Using data provided to the Global Drug Survey 2015 by 16 to 35 year-olds, the survey was restricted to those who said they’d had a drink in the last year and who’d also frequented pubs and nightclubs. It found Ireland to topping 25 countries for ‘pre-loading’ with over four in five or 85.4% estimated to be participating in the practice. The 25-country average for this was 63%.

The survey covered 65,126 people in 18 European states (1,183 from Ireland) as well as the US, Canada, Australia, New Zealand, Brazil, Mexico and Colombia.

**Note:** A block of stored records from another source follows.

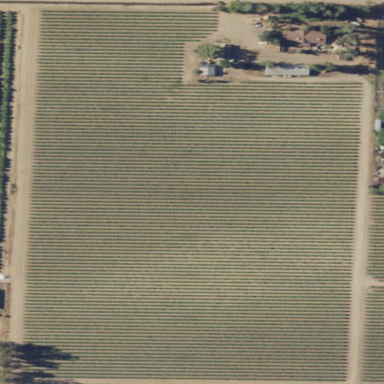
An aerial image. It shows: Vineyard where grapes are grown.
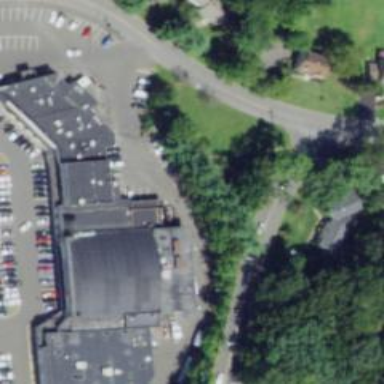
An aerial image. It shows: Swimming pool shop.
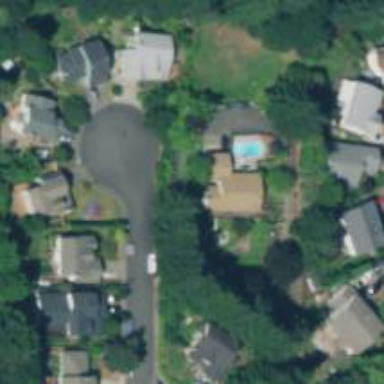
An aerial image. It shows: Residential road with sidewalk on the left.
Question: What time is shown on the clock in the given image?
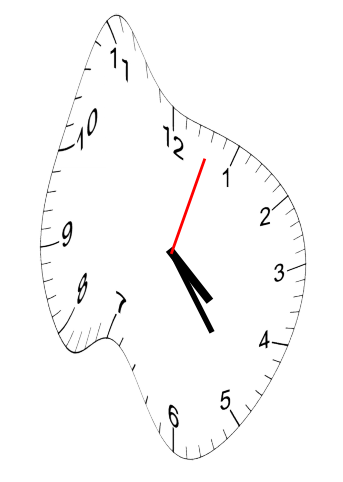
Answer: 04:24:03
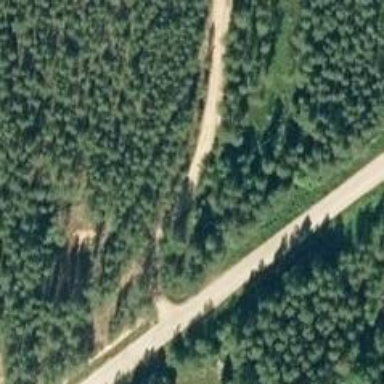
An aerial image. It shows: Service road with high-quality grade 1 track surface.
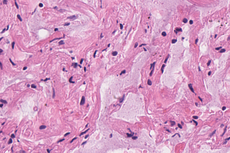
Tumor epithelial tissue: no
Tumor-associated stroma tissue: no
Normal tissue: yes
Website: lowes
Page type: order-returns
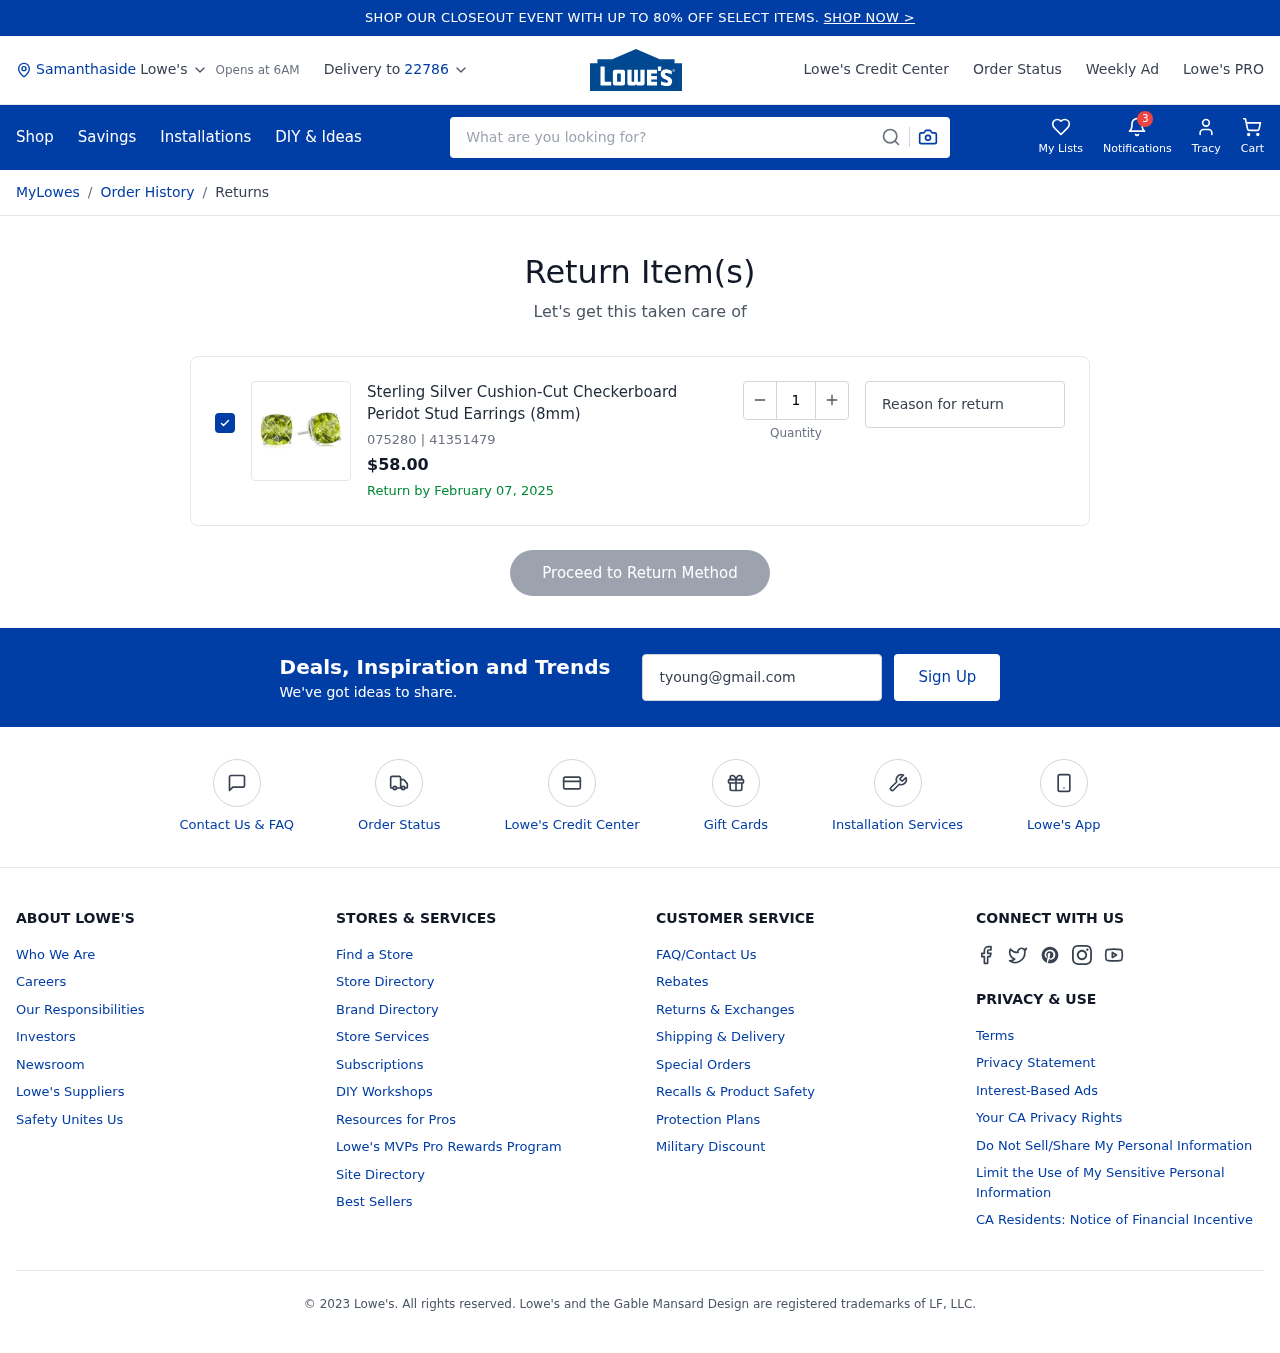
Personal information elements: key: PII_CITY
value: Samanthaside
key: PII_FIRSTNAME
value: Tracy
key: PII_POSTCODE
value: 22786
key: PII_EMAIL
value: tyoung@gmail.com
Product elements: key: PRODUCT1_NAME
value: Sterling Silver Cushion-Cut Checkerboard Peridot Stud Earrings (8mm)
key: PRODUCT1_PRICE
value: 58
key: PRODUCT1_ITEM_NUMBER
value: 075280
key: PRODUCT1_MODEL_NUMBER
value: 41351479
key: PRODUCT1_QUANTITY
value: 1
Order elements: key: ORDER_RETURN_BY_DATE
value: February 07, 2025
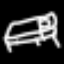
Label: bed
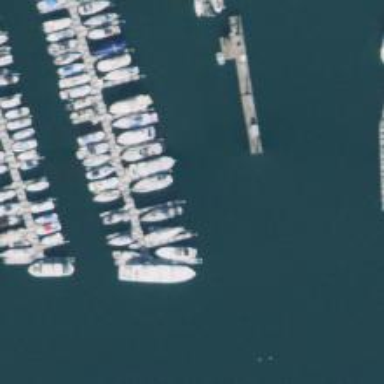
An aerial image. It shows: Man-made pier.
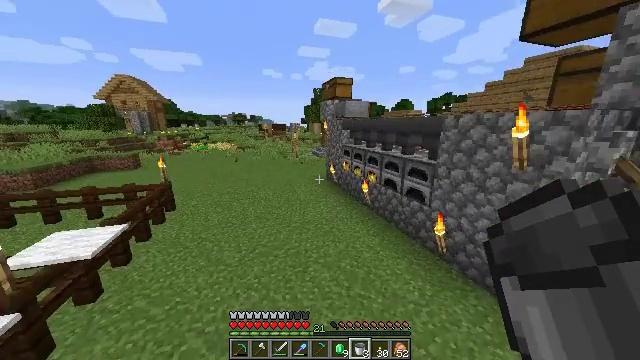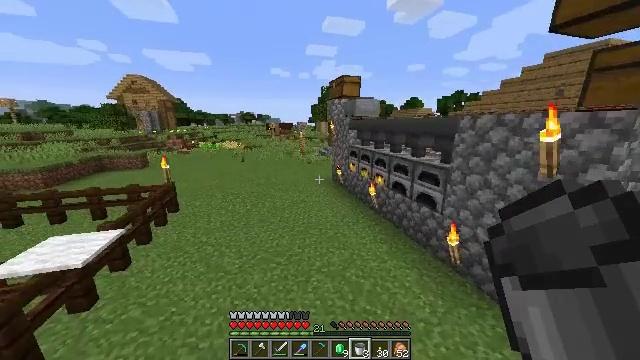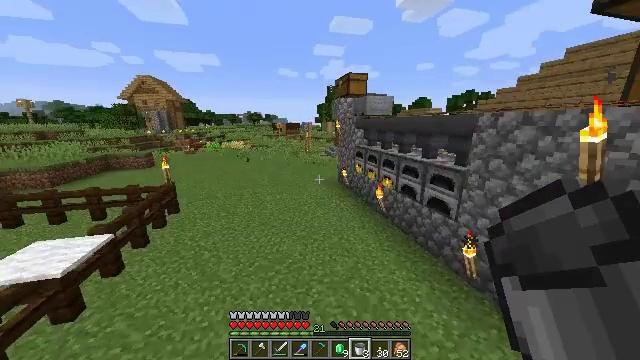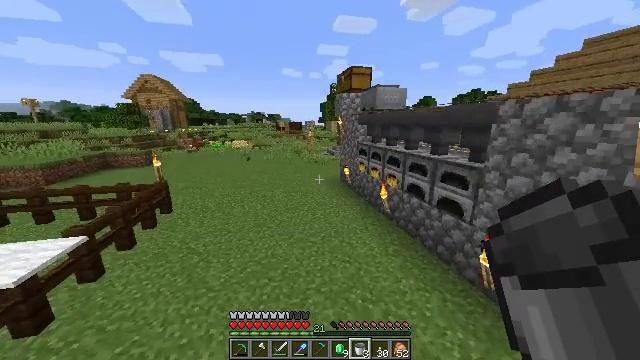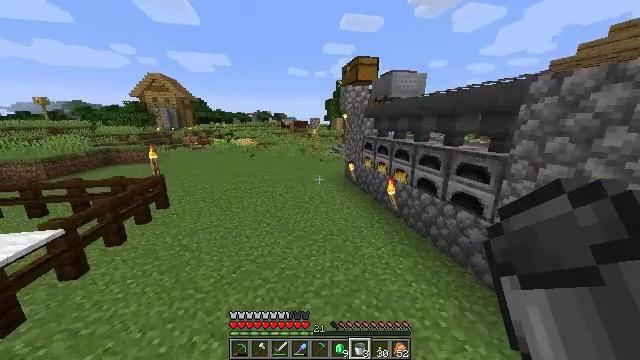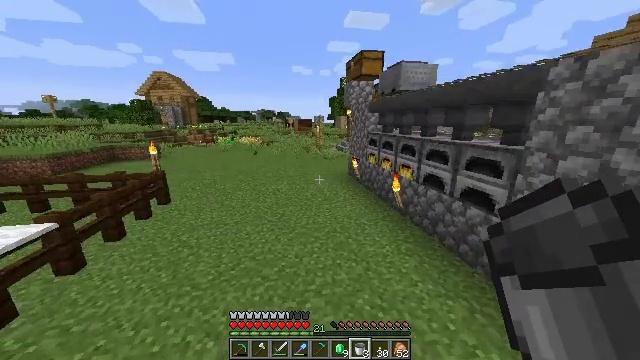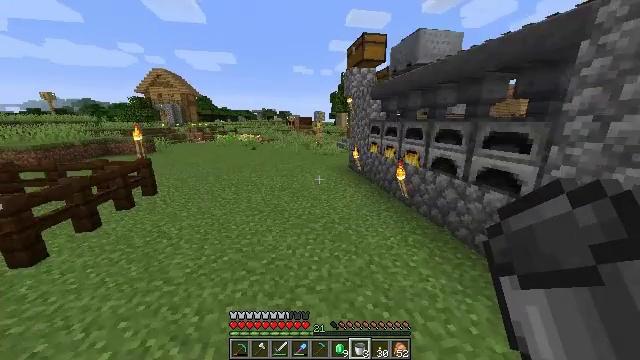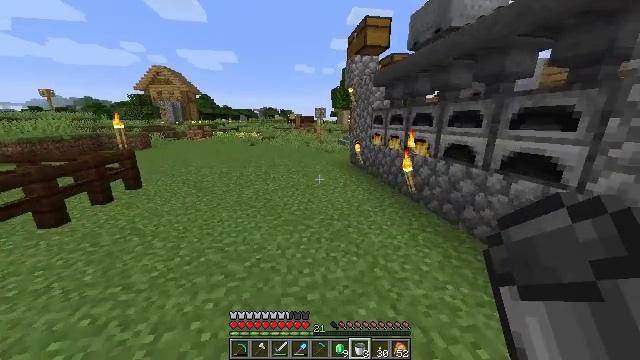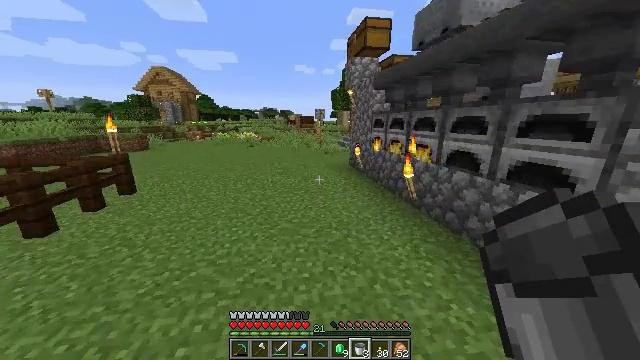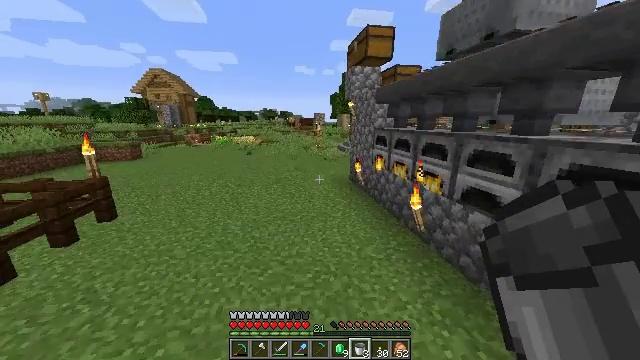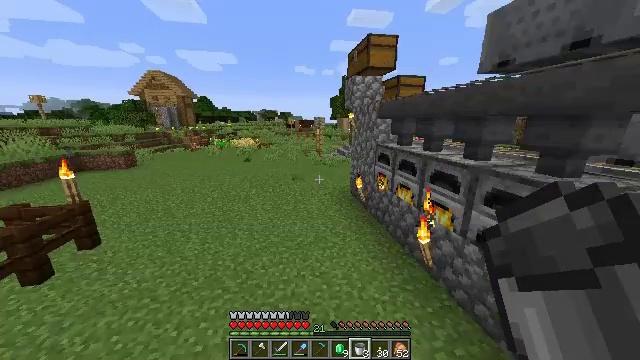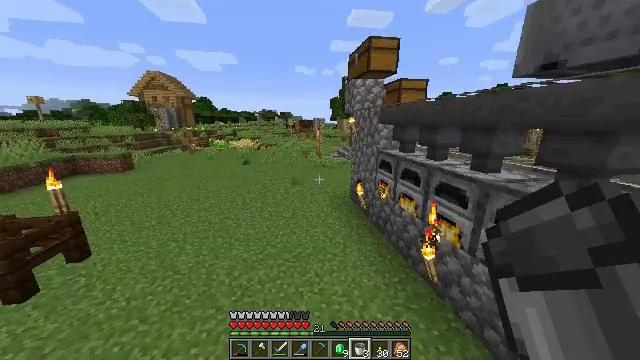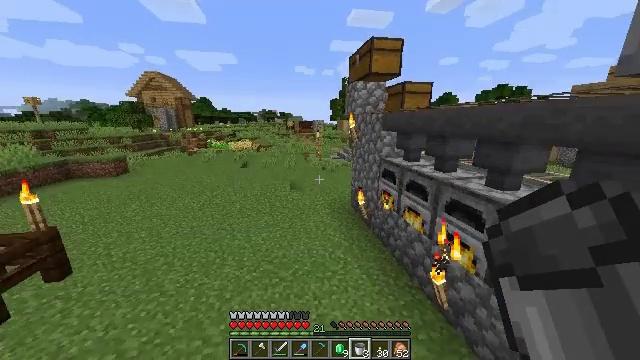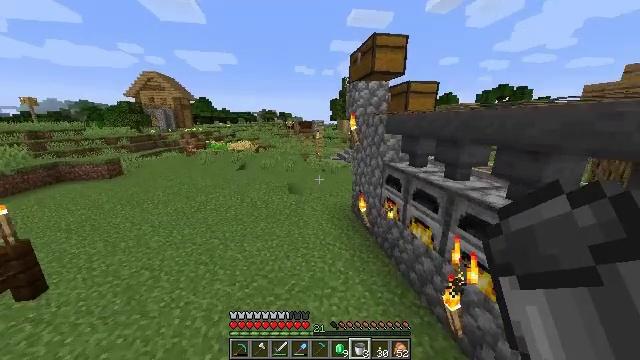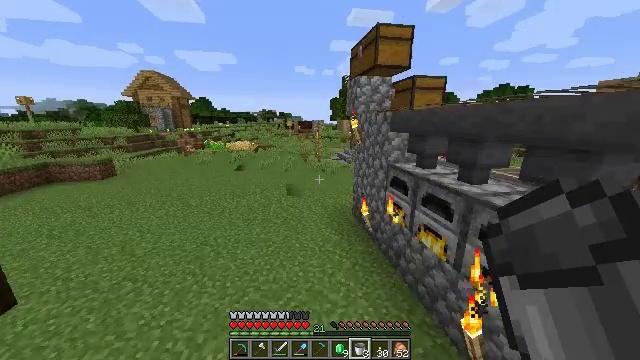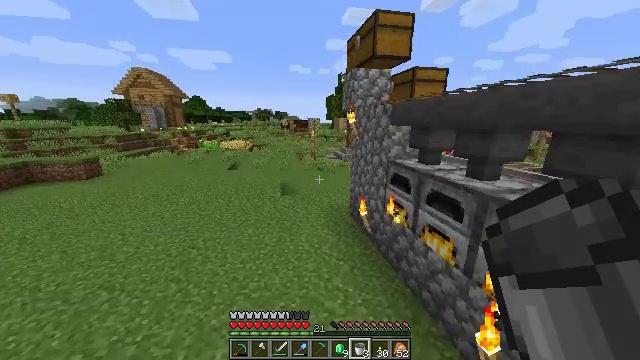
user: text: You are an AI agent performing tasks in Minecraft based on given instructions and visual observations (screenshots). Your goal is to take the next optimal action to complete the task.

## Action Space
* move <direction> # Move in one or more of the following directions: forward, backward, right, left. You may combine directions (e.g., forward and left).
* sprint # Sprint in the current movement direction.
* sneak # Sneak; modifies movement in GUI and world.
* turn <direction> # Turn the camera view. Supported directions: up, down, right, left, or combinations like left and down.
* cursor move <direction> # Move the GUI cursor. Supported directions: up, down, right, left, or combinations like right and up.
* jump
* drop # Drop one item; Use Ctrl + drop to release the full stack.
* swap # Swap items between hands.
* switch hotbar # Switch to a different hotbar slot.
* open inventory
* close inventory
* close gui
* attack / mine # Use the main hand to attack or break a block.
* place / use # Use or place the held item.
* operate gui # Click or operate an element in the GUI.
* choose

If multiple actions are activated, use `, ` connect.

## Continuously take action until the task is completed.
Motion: motion action
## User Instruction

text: Get multiple gold nugget from a gold ingot.
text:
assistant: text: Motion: move forward, turn left, jump
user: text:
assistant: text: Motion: move forward, turn left, jump
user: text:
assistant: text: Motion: move forward, jump
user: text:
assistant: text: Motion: move forward, turn left, jump
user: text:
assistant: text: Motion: move forward, turn left, jump
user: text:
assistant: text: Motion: move forward, jump
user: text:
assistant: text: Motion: move forward, sprint, jump
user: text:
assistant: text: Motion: move forward, sprint, jump
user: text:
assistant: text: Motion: move forward, sprint, jump
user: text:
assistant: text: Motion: move forward, sprint, jump
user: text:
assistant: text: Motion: move forward, sprint, jump
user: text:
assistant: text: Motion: move forward, jump
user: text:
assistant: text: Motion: move forward, jump
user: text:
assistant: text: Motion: move forward, jump
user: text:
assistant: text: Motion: move forward, turn right
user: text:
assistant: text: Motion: move forward, turn right
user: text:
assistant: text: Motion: move forward and move left, turn right
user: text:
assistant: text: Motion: move forward and move left, turn right
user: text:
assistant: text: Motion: move forward and move left, turn right
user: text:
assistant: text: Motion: move forward and move left, turn right
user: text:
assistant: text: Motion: move left, turn right
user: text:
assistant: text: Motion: turn right and up
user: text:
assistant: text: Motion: turn right and up
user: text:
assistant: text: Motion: turn right and up
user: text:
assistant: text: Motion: turn right and up
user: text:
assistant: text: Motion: turn right and up
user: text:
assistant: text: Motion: no_op
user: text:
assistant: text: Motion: no_op
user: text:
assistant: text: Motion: use / place
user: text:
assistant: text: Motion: use / place

At 80.5% Norway came second to Ireland in the pre-loading league with Canada on 80.2% coming third. Interestingly 73.4% of Spanish respondents engaged in pre-loading, putting Spain up with the Northern European countries for the highest levels of binge-drinking. However cultural differences such as the ‘botelon’, a Spanish communal street drinking practice among young people also influenced this figure. The UK figure for pre-loading was 75.3% and 67% for France. 51% of the Italians surveyed engaged in this practice.

At the other end of the spectrum, only 17.7% of Greeks engaged in pre-loading.

With 80.9% of the Irish sample having taken a drink in the past 12 months, Ireland also scored highly in the ‘heavy drinkers’ table, coming fourth at 48.2% for ‘binge-drinking’ on these occasions compared to the 25-country average of 26%.

The Finnish came first for this followed by the Greeks and the Austrians. The UK figure by comparison with Ireland was 33.4%.

Alcohol Action Ireland described the findings as worrying.

“We know that our drinking habits have changed dramatically in recent decades, with alcohol consumption in the home much more common and supermarkets, with their low-price offerings, now the main players when it comes to alcohol sales,” commented Alcohol Action Ireland’s Head of Communications and Advocacy Conor Cullen, “The worrying aspect of these findings is not where people are drinking, but the manner and quantity of their alcohol consumption as this is ultimately what impacts on their health and wellbeing, regardless of where the drinking takes place.

“The survey findings suggest that engagement in pre-drinking is partly sustained by the same cultural tendency to drink that underpins alcohol use in the general population and in Ireland we know – and this survey confirms – that for many people this means pre-drinking is simply part of an exercise in drinking to get drunk and it’s particularly popular among younger age groups as it can be achieved very cheaply.”

Conor Cullen concluded, “We drink in a culture where excessive alcohol consumption has been normalised, as has the significant harm that it causes, including the loss of three lives every day. The responsibility for addressing this major public health problem does not just lie with individuals, but with our Government, which has an opportunity, through the Public Health (Alcohol) Bill, to create an environment that supports healthier decisions in relation to alcohol consumption and can help change our harmful relationship with alcohol for the better”.